>>>>>

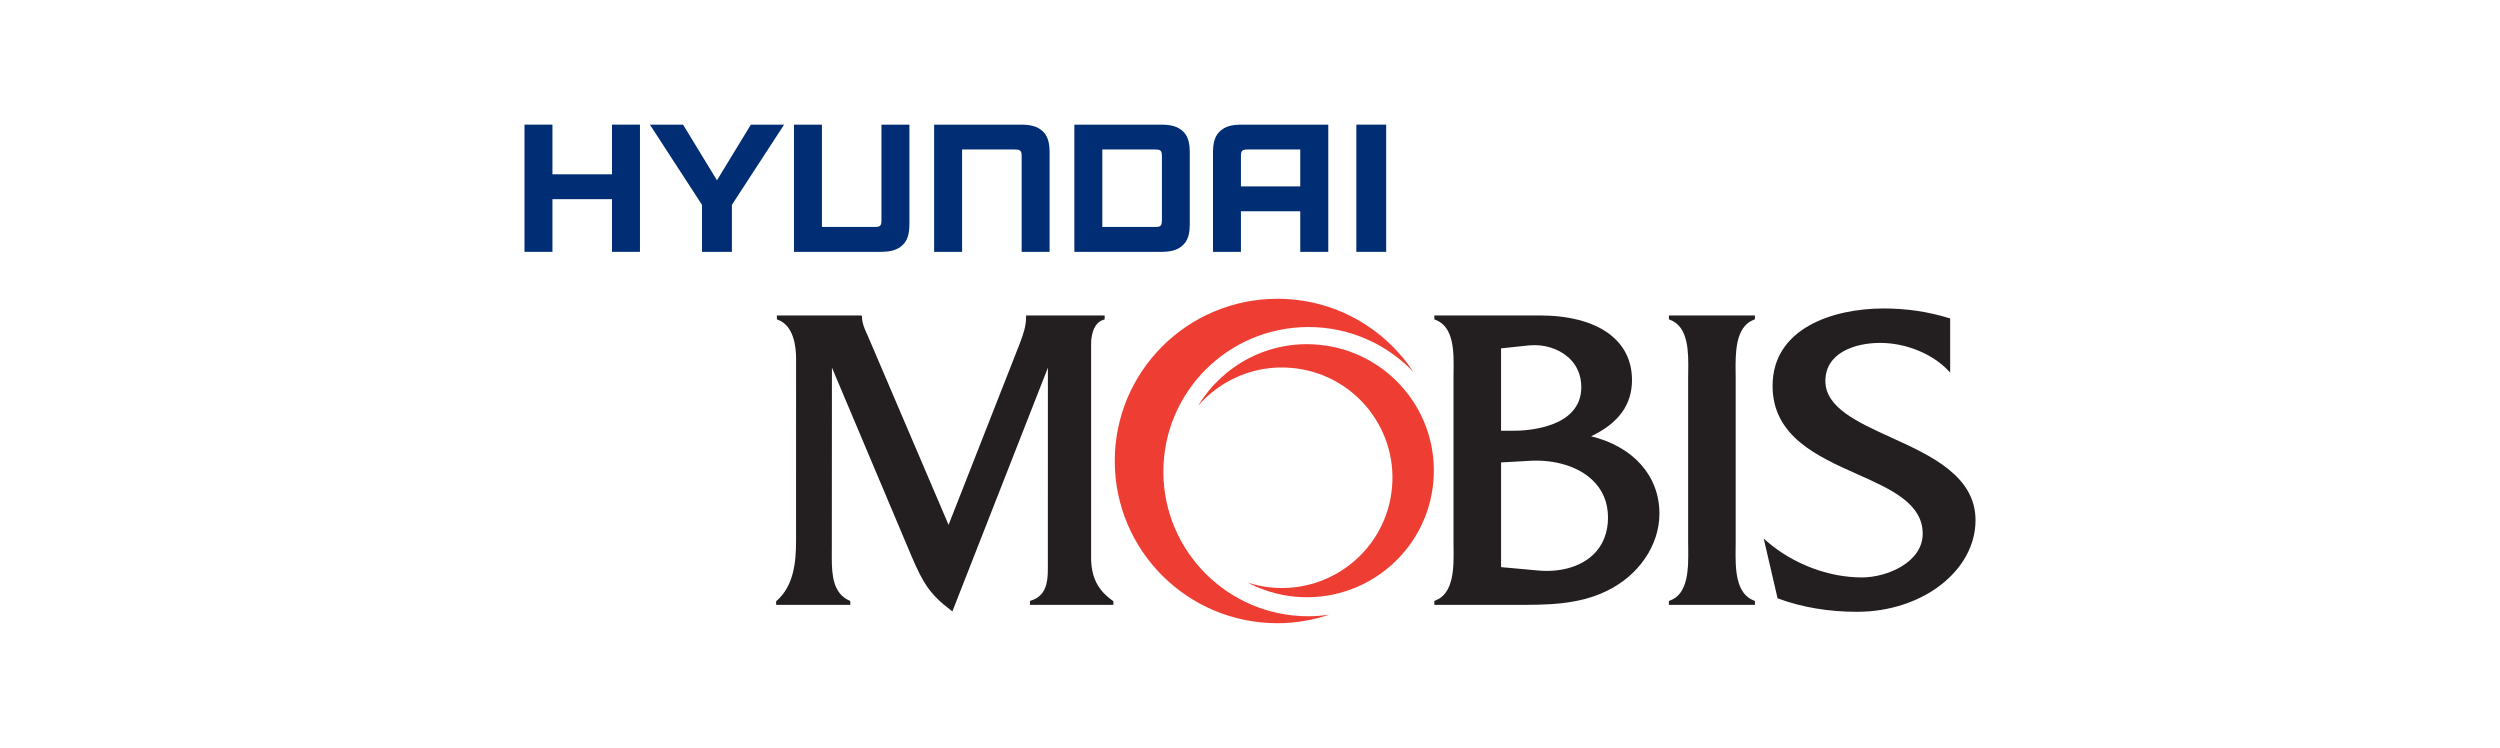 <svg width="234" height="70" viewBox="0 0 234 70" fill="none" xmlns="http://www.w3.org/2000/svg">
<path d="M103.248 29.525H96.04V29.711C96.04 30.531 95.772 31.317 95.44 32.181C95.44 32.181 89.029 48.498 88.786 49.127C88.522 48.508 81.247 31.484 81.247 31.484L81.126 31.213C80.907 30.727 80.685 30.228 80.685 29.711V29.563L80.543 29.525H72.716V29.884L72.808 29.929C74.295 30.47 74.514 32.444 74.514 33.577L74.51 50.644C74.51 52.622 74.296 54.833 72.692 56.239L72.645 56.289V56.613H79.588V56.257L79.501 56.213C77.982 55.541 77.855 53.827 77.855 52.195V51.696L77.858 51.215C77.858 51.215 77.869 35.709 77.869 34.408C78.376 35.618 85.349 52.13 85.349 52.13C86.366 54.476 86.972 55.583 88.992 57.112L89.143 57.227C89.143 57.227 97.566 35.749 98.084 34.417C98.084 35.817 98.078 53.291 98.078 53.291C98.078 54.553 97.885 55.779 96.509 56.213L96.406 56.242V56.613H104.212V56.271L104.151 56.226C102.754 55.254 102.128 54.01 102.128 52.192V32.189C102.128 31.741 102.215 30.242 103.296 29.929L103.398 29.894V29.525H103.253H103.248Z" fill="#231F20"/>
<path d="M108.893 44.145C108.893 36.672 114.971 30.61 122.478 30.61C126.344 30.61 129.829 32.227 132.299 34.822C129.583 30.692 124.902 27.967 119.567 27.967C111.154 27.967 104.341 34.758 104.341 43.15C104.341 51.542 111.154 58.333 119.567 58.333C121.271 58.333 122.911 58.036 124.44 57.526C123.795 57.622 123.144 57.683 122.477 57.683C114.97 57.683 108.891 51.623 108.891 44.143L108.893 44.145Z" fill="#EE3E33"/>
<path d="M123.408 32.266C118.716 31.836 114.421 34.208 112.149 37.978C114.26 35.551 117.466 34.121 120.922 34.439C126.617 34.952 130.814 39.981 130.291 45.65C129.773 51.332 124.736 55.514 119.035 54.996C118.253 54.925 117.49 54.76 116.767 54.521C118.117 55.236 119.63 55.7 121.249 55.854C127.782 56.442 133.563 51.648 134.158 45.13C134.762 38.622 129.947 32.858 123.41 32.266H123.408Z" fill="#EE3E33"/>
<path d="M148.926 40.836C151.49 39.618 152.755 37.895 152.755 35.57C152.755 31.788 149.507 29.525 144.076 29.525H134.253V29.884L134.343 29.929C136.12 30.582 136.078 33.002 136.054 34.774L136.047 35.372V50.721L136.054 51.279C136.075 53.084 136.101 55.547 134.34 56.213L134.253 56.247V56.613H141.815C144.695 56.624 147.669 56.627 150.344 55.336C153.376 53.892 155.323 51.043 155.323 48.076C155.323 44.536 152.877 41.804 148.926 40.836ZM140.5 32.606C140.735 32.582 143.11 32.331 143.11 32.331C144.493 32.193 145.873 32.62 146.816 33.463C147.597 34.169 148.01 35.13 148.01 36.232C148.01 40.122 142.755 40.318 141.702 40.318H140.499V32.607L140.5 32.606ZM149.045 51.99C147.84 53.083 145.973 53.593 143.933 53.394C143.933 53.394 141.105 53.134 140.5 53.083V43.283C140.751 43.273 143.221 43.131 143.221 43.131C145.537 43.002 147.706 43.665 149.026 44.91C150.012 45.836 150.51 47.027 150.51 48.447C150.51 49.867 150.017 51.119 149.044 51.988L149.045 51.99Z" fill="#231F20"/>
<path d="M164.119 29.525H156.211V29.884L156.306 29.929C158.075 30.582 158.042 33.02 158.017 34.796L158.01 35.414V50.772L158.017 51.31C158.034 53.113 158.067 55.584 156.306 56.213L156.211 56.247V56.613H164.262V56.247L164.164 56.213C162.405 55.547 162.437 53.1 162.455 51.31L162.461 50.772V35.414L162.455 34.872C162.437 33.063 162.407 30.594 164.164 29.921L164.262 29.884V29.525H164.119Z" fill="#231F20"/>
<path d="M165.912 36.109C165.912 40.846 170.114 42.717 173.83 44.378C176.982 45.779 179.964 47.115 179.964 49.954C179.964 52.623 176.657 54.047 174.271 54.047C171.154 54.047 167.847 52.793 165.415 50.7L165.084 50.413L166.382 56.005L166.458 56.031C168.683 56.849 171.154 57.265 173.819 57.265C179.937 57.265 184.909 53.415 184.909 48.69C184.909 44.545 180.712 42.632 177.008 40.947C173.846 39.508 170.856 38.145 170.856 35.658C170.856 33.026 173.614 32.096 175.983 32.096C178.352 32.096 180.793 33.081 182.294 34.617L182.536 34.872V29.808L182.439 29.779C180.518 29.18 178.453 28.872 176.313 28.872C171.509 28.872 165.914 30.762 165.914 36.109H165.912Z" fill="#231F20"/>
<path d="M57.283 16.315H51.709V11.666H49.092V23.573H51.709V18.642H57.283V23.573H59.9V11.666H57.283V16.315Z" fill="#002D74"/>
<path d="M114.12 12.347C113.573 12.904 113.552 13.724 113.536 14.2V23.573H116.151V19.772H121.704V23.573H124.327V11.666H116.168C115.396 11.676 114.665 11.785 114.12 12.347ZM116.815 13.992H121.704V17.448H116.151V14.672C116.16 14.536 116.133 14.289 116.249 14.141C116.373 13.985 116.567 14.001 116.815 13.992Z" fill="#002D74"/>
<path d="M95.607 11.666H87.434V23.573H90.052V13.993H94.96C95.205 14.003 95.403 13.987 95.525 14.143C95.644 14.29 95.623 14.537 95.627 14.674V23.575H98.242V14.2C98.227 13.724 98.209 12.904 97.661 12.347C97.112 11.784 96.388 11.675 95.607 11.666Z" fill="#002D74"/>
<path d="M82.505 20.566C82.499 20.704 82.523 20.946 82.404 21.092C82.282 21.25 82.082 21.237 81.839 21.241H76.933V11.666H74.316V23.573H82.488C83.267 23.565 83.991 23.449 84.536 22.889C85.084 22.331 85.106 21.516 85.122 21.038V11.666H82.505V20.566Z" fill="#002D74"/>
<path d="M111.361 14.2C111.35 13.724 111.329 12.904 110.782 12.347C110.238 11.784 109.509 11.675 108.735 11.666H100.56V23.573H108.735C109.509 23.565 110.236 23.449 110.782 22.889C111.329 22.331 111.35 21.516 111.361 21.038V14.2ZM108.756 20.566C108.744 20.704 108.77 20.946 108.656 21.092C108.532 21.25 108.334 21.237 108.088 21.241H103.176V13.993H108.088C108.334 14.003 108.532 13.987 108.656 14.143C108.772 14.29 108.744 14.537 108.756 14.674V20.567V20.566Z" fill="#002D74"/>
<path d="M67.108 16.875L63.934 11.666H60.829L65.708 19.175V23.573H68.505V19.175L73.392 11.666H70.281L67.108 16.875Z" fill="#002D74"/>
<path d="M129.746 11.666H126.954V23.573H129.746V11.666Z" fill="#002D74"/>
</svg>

<<<<<

:: Exercise ::
Your answer should be an exact copy of the entries above, with no images included.

:: Response ::
 <svg width="234" height="70" viewBox="0 0 234 70" fill="none" xmlns="http://www.w3.org/2000/svg">
<path d="M103.248 29.525H96.04V29.711C96.04 30.531 95.772 31.317 95.44 32.181C95.44 32.181 89.029 48.498 88.786 49.127C88.522 48.508 81.247 31.484 81.247 31.484L81.126 31.213C80.907 30.727 80.685 30.228 80.685 29.711V29.563L80.543 29.525H72.716V29.884L72.808 29.929C74.295 30.47 74.514 32.444 74.514 33.577L74.51 50.644C74.51 52.622 74.296 54.833 72.692 56.239L72.645 56.289V56.613H79.588V56.257L79.501 56.213C77.982 55.541 77.855 53.827 77.855 52.195V51.696L77.858 51.215C77.858 51.215 77.869 35.709 77.869 34.408C78.376 35.618 85.349 52.13 85.349 52.13C86.366 54.476 86.972 55.583 88.992 57.112L89.143 57.227C89.143 57.227 97.566 35.749 98.084 34.417C98.084 35.817 98.078 53.291 98.078 53.291C98.078 54.553 97.885 55.779 96.509 56.213L96.406 56.242V56.613H104.212V56.271L104.151 56.226C102.754 55.254 102.128 54.01 102.128 52.192V32.189C102.128 31.741 102.215 30.242 103.296 29.929L103.398 29.894V29.525H103.253H103.248Z" fill="#231F20"/>
<path d="M108.893 44.145C108.893 36.672 114.971 30.61 122.478 30.61C126.344 30.61 129.829 32.227 132.299 34.822C129.583 30.692 124.902 27.967 119.567 27.967C111.154 27.967 104.341 34.758 104.341 43.15C104.341 51.542 111.154 58.333 119.567 58.333C121.271 58.333 122.911 58.036 124.44 57.526C123.795 57.622 123.144 57.683 122.477 57.683C114.97 57.683 108.891 51.623 108.891 44.143L108.893 44.145Z" fill="#EE3E33"/>
<path d="M123.408 32.266C118.716 31.836 114.421 34.208 112.149 37.978C114.26 35.551 117.466 34.121 120.922 34.439C126.617 34.952 130.814 39.981 130.291 45.65C129.773 51.332 124.736 55.514 119.035 54.996C118.253 54.925 117.49 54.76 116.767 54.521C118.117 55.236 119.63 55.7 121.249 55.854C127.782 56.442 133.563 51.648 134.158 45.13C134.762 38.622 129.947 32.858 123.41 32.266H123.408Z" fill="#EE3E33"/>
<path d="M148.926 40.836C151.49 39.618 152.755 37.895 152.755 35.57C152.755 31.788 149.507 29.525 144.076 29.525H134.253V29.884L134.343 29.929C136.12 30.582 136.078 33.002 136.054 34.774L136.047 35.372V50.721L136.054 51.279C136.075 53.084 136.101 55.547 134.34 56.213L134.253 56.247V56.613H141.815C144.695 56.624 147.669 56.627 150.344 55.336C153.376 53.892 155.323 51.043 155.323 48.076C155.323 44.536 152.877 41.804 148.926 40.836ZM140.5 32.606C140.735 32.582 143.11 32.331 143.11 32.331C144.493 32.193 145.873 32.62 146.816 33.463C147.597 34.169 148.01 35.13 148.01 36.232C148.01 40.122 142.755 40.318 141.702 40.318H140.499V32.607L140.5 32.606ZM149.045 51.99C147.84 53.083 145.973 53.593 143.933 53.394C143.933 53.394 141.105 53.134 140.5 53.083V43.283C140.751 43.273 143.221 43.131 143.221 43.131C145.537 43.002 147.706 43.665 149.026 44.91C150.012 45.836 150.51 47.027 150.51 48.447C150.51 49.867 150.017 51.119 149.044 51.988L149.045 51.99Z" fill="#231F20"/>
<path d="M164.119 29.525H156.211V29.884L156.306 29.929C158.075 30.582 158.042 33.02 158.017 34.796L158.01 35.414V50.772L158.017 51.31C158.034 53.113 158.067 55.584 156.306 56.213L156.211 56.247V56.613H164.262V56.247L164.164 56.213C162.405 55.547 162.437 53.1 162.455 51.31L162.461 50.772V35.414L162.455 34.872C162.437 33.063 162.407 30.594 164.164 29.921L164.262 29.884V29.525H164.119Z" fill="#231F20"/>
<path d="M165.912 36.109C165.912 40.846 170.114 42.717 173.83 44.378C176.982 45.779 179.964 47.115 179.964 49.954C179.964 52.623 176.657 54.047 174.271 54.047C171.154 54.047 167.847 52.793 165.415 50.7L165.084 50.413L166.382 56.005L166.458 56.031C168.683 56.849 171.154 57.265 173.819 57.265C179.937 57.265 184.909 53.415 184.909 48.69C184.909 44.545 180.712 42.632 177.008 40.947C173.846 39.508 170.856 38.145 170.856 35.658C170.856 33.026 173.614 32.096 175.983 32.096C178.352 32.096 180.793 33.081 182.294 34.617L182.536 34.872V29.808L182.439 29.779C180.518 29.18 178.453 28.872 176.313 28.872C171.509 28.872 165.914 30.762 165.914 36.109H165.912Z" fill="#231F20"/>
<path d="M57.283 16.315H51.709V11.666H49.092V23.573H51.709V18.642H57.283V23.573H59.9V11.666H57.283V16.315Z" fill="#002D74"/>
<path d="M114.12 12.347C113.573 12.904 113.552 13.724 113.536 14.2V23.573H116.151V19.772H121.704V23.573H124.327V11.666H116.168C115.396 11.676 114.665 11.785 114.12 12.347ZM116.815 13.992H121.704V17.448H116.151V14.672C116.16 14.536 116.133 14.289 116.249 14.141C116.373 13.985 116.567 14.001 116.815 13.992Z" fill="#002D74"/>
<path d="M95.607 11.666H87.434V23.573H90.052V13.993H94.96C95.205 14.003 95.403 13.987 95.525 14.143C95.644 14.29 95.623 14.537 95.627 14.674V23.575H98.242V14.2C98.227 13.724 98.209 12.904 97.661 12.347C97.112 11.784 96.388 11.675 95.607 11.666Z" fill="#002D74"/>
<path d="M82.505 20.566C82.499 20.704 82.523 20.946 82.404 21.092C82.282 21.25 82.082 21.237 81.839 21.241H76.933V11.666H74.316V23.573H82.488C83.267 23.565 83.991 23.449 84.536 22.889C85.084 22.331 85.106 21.516 85.122 21.038V11.666H82.505V20.566Z" fill="#002D74"/>
<path d="M111.361 14.2C111.35 13.724 111.329 12.904 110.782 12.347C110.238 11.784 109.509 11.675 108.735 11.666H100.56V23.573H108.735C109.509 23.565 110.236 23.449 110.782 22.889C111.329 22.331 111.35 21.516 111.361 21.038V14.2ZM108.756 20.566C108.744 20.704 108.77 20.946 108.656 21.092C108.532 21.25 108.334 21.237 108.088 21.241H103.176V13.993H108.088C108.334 14.003 108.532 13.987 108.656 14.143C108.772 14.29 108.744 14.537 108.756 14.674V20.567V20.566Z" fill="#002D74"/>
<path d="M67.108 16.875L63.934 11.666H60.829L65.708 19.175V23.573H68.505V19.175L73.392 11.666H70.281L67.108 16.875Z" fill="#002D74"/>
<path d="M129.746 11.666H126.954V23.573H129.746V11.666Z" fill="#002D74"/>
</svg>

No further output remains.